Breaking Twitter
Elon Musk and the Most Controversial Corporate Takeover in History
Ben Mezrich
“In October 2022, Elon Musk marched through Twitter’s front doors after buying the digital giant for $44 billion. His takeover came with the promise of fundamental change, but nothing could prepare the company for the chaos to come – brutal mass firings, an exodus of advertisers and ‘blue-tick’ celebrities and a vicious battle for control. With unique access to Twitter insiders and Musk’s confidants, this is the astonishing story from all sides. Why did Elon overhaul Twitter’s blue-tick system, and how did it lead to the near-collapse of the company’s revenue? Will Twitter – now X – survive? How has the constant negative press coverage affected Elon? With a wealth of hidden details, Breaking Twitter gives ringside seats to one of the most dramatic and compelling business stories of our time.”
I went into Breaking Twitter hoping for a sharp, insightful account of one of the most chaotic corporate takeovers in recent history. What I got instead was something far thinner, messier, and frankly exhausting.
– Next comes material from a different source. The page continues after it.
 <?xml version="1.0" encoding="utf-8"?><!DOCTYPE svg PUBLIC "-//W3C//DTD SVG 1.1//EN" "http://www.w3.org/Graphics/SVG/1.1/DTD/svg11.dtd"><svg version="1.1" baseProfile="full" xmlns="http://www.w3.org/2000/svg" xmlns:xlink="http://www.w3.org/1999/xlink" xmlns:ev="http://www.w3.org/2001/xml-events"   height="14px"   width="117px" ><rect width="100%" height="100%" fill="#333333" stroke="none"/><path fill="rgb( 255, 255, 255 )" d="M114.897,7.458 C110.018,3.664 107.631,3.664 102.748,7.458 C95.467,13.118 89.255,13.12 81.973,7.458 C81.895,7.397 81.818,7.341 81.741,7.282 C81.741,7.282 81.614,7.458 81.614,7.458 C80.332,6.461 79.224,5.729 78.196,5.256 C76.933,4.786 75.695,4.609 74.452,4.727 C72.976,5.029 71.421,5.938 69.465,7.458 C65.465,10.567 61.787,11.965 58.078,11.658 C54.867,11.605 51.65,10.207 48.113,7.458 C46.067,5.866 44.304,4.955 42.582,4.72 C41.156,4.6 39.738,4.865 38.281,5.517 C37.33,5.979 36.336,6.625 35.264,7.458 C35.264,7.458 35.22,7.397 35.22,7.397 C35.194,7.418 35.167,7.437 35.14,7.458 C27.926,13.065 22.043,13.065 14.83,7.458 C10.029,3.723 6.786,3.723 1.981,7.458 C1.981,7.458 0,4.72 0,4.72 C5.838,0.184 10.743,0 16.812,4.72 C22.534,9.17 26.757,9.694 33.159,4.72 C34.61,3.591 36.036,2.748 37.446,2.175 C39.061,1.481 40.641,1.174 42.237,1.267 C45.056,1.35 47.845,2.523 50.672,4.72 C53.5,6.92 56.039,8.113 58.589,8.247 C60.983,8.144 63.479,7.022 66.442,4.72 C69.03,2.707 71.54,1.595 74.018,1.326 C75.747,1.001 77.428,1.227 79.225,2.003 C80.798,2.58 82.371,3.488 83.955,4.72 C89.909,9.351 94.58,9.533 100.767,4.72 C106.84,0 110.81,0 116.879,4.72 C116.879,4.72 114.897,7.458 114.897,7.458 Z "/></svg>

This book is largely about the people who worked at Twitter before and during the Musk era. While that could have been interesting, it never quite lands. It is not a comprehensive or deeply researched story of the takeover itself, nor does it offer much meaningful insight into how or why things unfolded the way they did. For a book tackling such a huge, controversial moment in tech and media, it surprisingly does not have much to say.
I did not like Elon Musk before reading this, and I definitely do not like him now. Even that takeaway feels obvious and unearned. The narrative jumps constantly between perspectives and characters/employees, many of whom are difficult to keep track of and even harder to care about. I found myself repeatedly asking who this person is and why they matter. Too often, the answer was that they do not.
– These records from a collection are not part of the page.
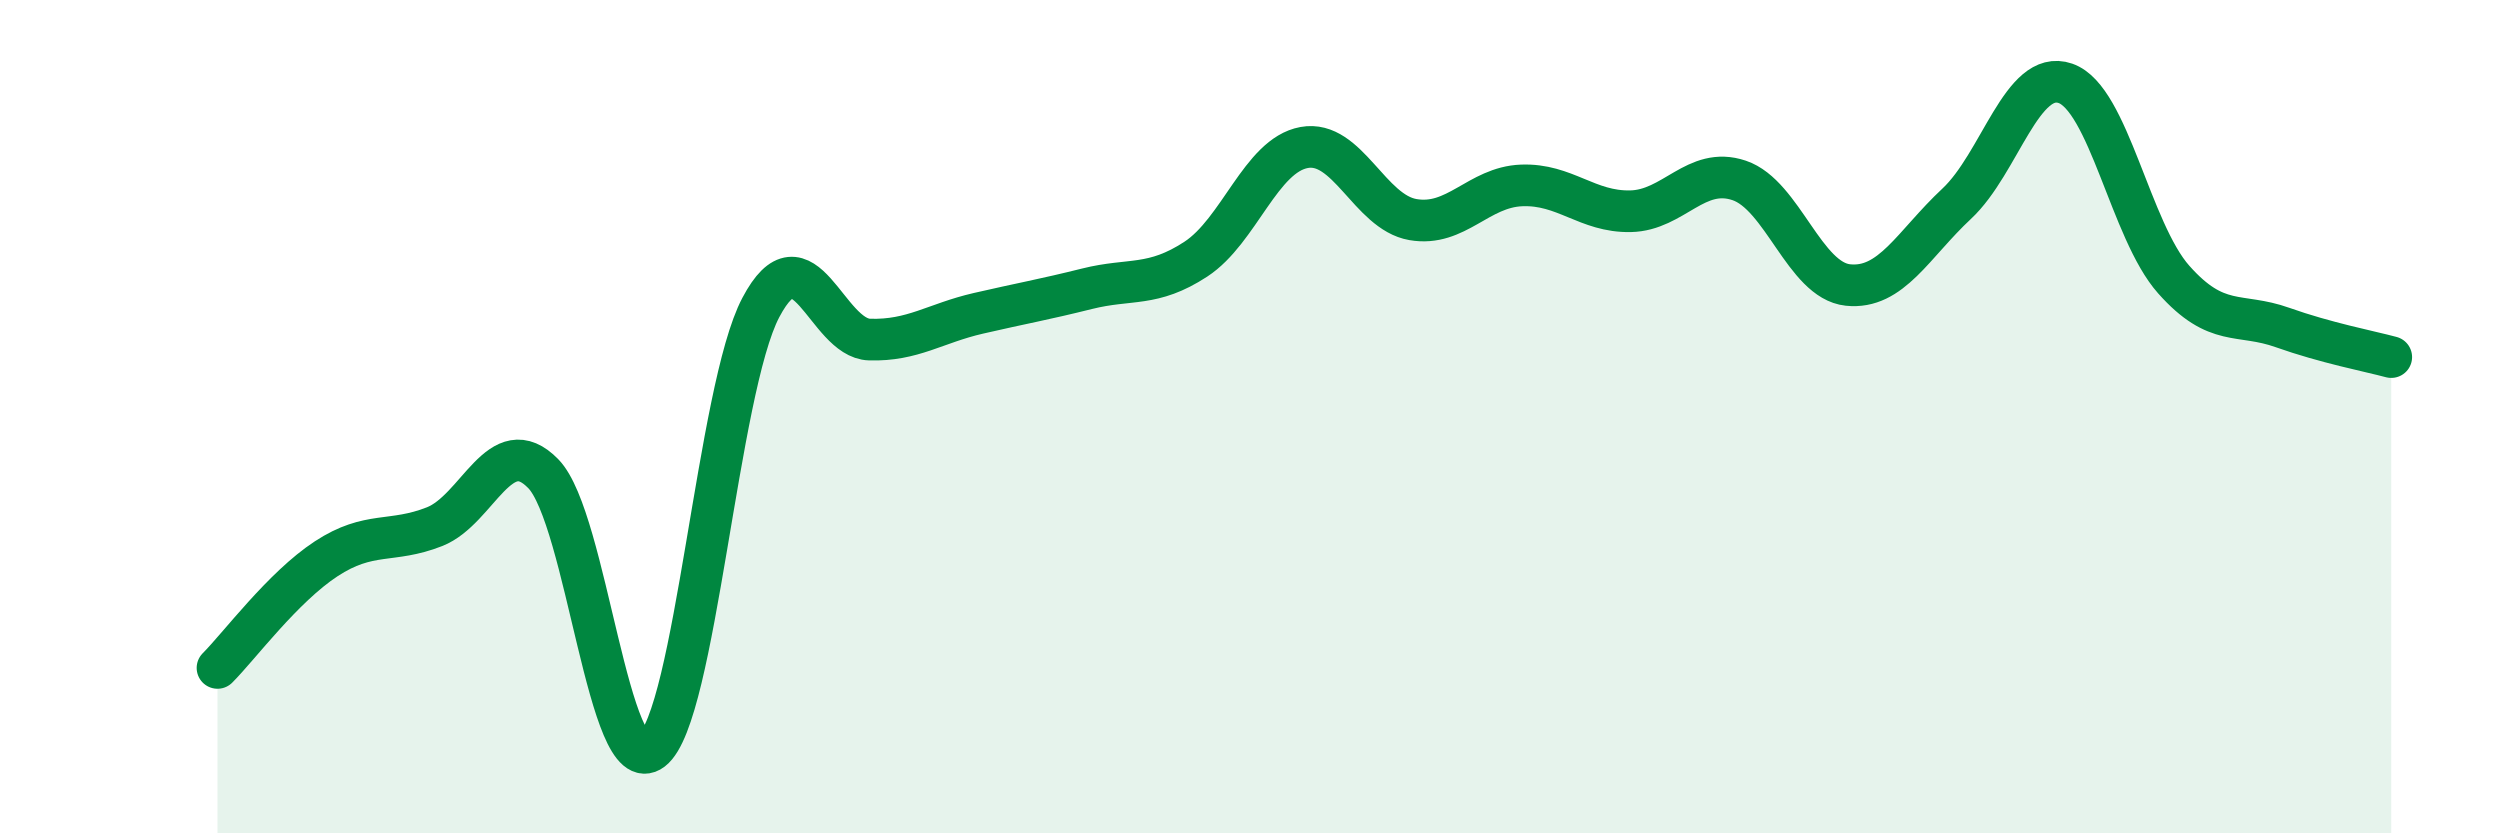 
    <svg width="60" height="20" viewBox="0 0 60 20" xmlns="http://www.w3.org/2000/svg">
      <path
        d="M 5.22,16.03 C 5.74,15.51 6.79,14.09 7.83,13.41 C 8.87,12.73 9.39,13.05 10.43,12.64 C 11.47,12.23 12,10.3 13.04,11.37 C 14.08,12.44 14.61,18.8 15.65,18 C 16.69,17.2 17.22,9.35 18.26,7.38 C 19.3,5.41 19.83,8.12 20.87,8.15 C 21.91,8.18 22.44,7.76 23.48,7.52 C 24.52,7.28 25.05,7.19 26.09,6.93 C 27.13,6.67 27.66,6.9 28.7,6.22 C 29.74,5.54 30.26,3.73 31.3,3.54 C 32.34,3.35 32.87,5.09 33.91,5.27 C 34.95,5.45 35.48,4.49 36.52,4.45 C 37.56,4.41 38.09,5.09 39.13,5.07 C 40.17,5.05 40.7,3.98 41.74,4.33 C 42.78,4.68 43.31,6.73 44.35,6.84 C 45.39,6.95 45.92,5.86 46.96,4.89 C 48,3.92 48.53,1.64 49.57,2 C 50.61,2.36 51.13,5.54 52.17,6.71 C 53.21,7.88 53.74,7.49 54.78,7.86 C 55.82,8.23 56.87,8.43 57.39,8.57L57.39 20L5.22 20Z"
        fill="#008740"
        opacity="0.1"
        stroke-linecap="round"
        stroke-linejoin="round"
      />
      <path
        d="M 5.22,16.03 C 5.74,15.51 6.79,14.09 7.83,13.41 C 8.87,12.73 9.39,13.05 10.43,12.64 C 11.47,12.23 12,10.3 13.04,11.37 C 14.08,12.44 14.61,18.8 15.65,18 C 16.69,17.2 17.22,9.35 18.26,7.38 C 19.3,5.41 19.83,8.12 20.87,8.15 C 21.91,8.18 22.44,7.76 23.48,7.52 C 24.52,7.28 25.05,7.19 26.09,6.93 C 27.13,6.67 27.66,6.9 28.7,6.22 C 29.74,5.54 30.26,3.73 31.3,3.54 C 32.34,3.35 32.87,5.09 33.91,5.27 C 34.95,5.45 35.48,4.49 36.52,4.45 C 37.56,4.41 38.09,5.09 39.13,5.07 C 40.17,5.05 40.7,3.98 41.74,4.33 C 42.78,4.68 43.31,6.73 44.35,6.84 C 45.39,6.95 45.92,5.86 46.96,4.89 C 48,3.92 48.53,1.64 49.57,2 C 50.61,2.36 51.13,5.54 52.17,6.71 C 53.21,7.88 53.74,7.49 54.78,7.86 C 55.82,8.23 56.87,8.43 57.39,8.57"
        stroke="#008740"
        stroke-width="1"
        fill="none"
        stroke-linecap="round"
        stroke-linejoin="round"
      />
    </svg>

The book feels unpolished and directionless, with a judgmental tone that replaces analysis. Rather than building a clear argument or storyline, it follows several vaguely unlikeable characters who ultimately add very little to the broader picture. They seem to exist mostly for cinematic moments rather than because they meaningfully advance the story.
There is also an underlying irony that is hard to ignore. The author condemns Musk’s narcissism, yet the book itself suffers from a similar problem. There is an inflated sense of importance about Twitter, its internal dramas, and the people orbiting it. I genuinely cannot believe how much anyone cares about Twitter at all, from the tweets to the drama to what Musk might say next, or the crowds willing to follow him off a cliff because of it. The obsession feels baffling.
By the end, I felt worse for having read this book, the same hollow and irritated feeling you get after spending too much time doom scrolling on social media. 1 star.